In the current political landscape, ideology also offers cover for tax noncompliance. Two of the most liberal talking heads at the MSNBC cable news network, Toure Neblett and Melissa Harris-Perry, known for their advocacy of higher tax rates on the affluent, turn out to be both quite well off and quite unwilling to pay their fair share of taxes. Reports indicate that Neblett and Harris-Perry both owe more than $50,000 in delinquent taxes.
Who will police the tax police?
Former IRS official Lois Lerner and her subordinates were found to have targeted conservative nonprofit groups for excessive federal scrutiny. While testifying before Congress, Lerner invoked her Fifth Amendment right against self-incrimination, and investigators later found that two years of her emails had gone missing in a mysterious computer crash. Lerner has not been charged.
Under the current system, the very wealthy have the pull and capital to navigate around the 3.7-million-word IRS tax code. Billionaire George Soros, a proponent of big government and higher taxes, reportedly could face a tax bill of approximately $7 billion after years of deferrals.
Victor Davis Hanson
Our laws are becoming as politicized as our tax system.
Whatever one thinks of illegal immigration, it's undeniable that under the Obama administration, federal immigration law enforcement is now predicated on politics. The law as it was written suddenly has ceased to exist — at least for particular groups at particular times and places.
In the last six years, the enforcement of federal laws has depended on their apparent political utility.
If elements of the controversial Affordable Care Act were deemed politically risky, then their implementation was ignored until after an election.
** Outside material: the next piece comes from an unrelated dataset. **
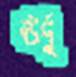
ঊর্দু
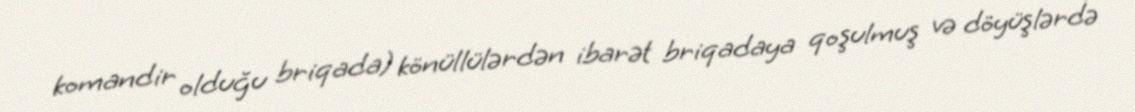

If the Environmental Protection Agency could not see its agenda passed through Congress as federal law, then it implemented its green policies by fiat.
If the Obama administration reaches a controversial agreement with Iran that will not meet the constitutional test of ratification by two-thirds of the Senate, then it will not be called a treaty and instead be imposed by presidential executive order.
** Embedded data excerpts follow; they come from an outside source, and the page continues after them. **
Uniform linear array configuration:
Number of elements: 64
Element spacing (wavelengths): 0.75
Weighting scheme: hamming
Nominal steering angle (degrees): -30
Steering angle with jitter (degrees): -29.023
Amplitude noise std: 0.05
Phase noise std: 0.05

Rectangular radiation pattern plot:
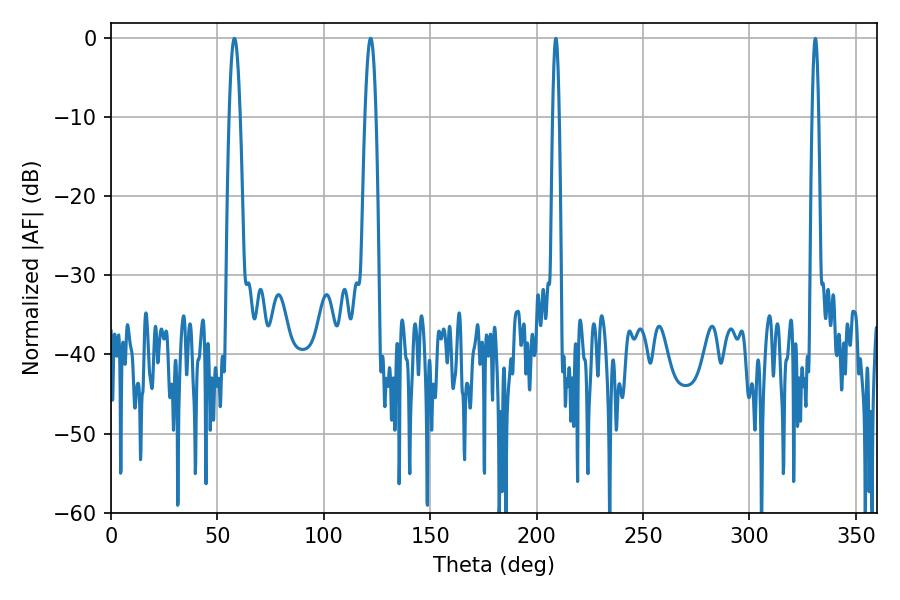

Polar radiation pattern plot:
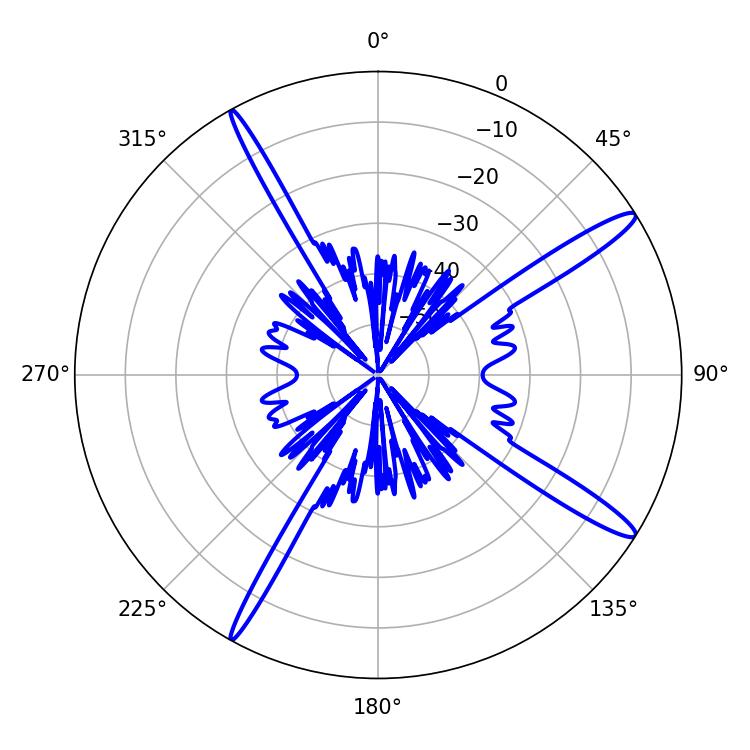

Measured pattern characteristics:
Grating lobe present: TRUE
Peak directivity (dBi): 15.17
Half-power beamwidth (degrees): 2.7
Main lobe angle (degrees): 57.96

Prosecutors have never been more ideologically driven. Sen. Bob Menendez, D-N.J., opposes administration policies on Cuba and Iran — and then suddenly faces federal indictments on charges covering a period from 2006 to 2013.
In the tragic Freddie Gray case, Baltimore State's Attorney Marilyn Mosby all but assured an angry crowd that she had provided them indictments for murder and manslaughter and thereby expected calm in the streets in return.
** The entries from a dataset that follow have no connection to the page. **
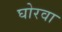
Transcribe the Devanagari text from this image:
घोरवा
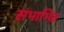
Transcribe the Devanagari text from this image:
संभाभित
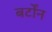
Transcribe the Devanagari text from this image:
बर्टोंन
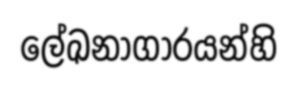
ලේඛනාගාරයන්හි
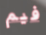
فيم
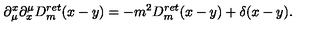
\partial _ { \mu } ^ { x } \partial _ { x } ^ { \mu } D _ { m } ^ { r e t } ( x - y ) = - m ^ { 2 } D _ { m } ^ { r e t } ( x - y ) + \delta ( x - y ) .
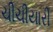
ચીચીયારી
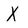
Character: X
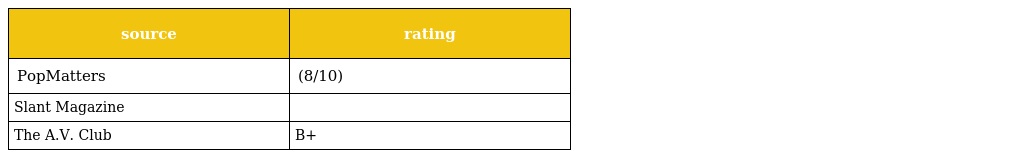
| source | rating |
 | --- | --- |
 | PopMatters | (8/10) |
 | Slant Magazine |  |
 | The A.V. Club | B+ |
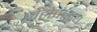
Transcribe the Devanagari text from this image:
पोहोचलाय
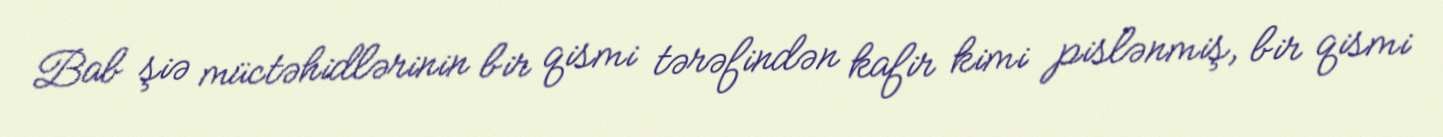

She indicted six Baltimore policemen on charges that are likely to be reduced or disproved in court, but those charges served the short-term purpose of defusing unchecked rioting and looting. Warping the law was thought to be more effective in easing tensions than enforcing it.
Increasingly in the United States, the degree to which a law is enforced — or whether a person is indicted — depends on political considerations. But when citizens do not pay any income taxes, or choose not to pay taxes that they owe and expect impunity, a complex society unwinds.
And when the law becomes negotiable, civilization utterly collapses.
• Hanson is a classicist and historian at the Hoover Institution, Stanford University, and the author, most recently, of "The Father of Us All: War and History, Ancient and Modern."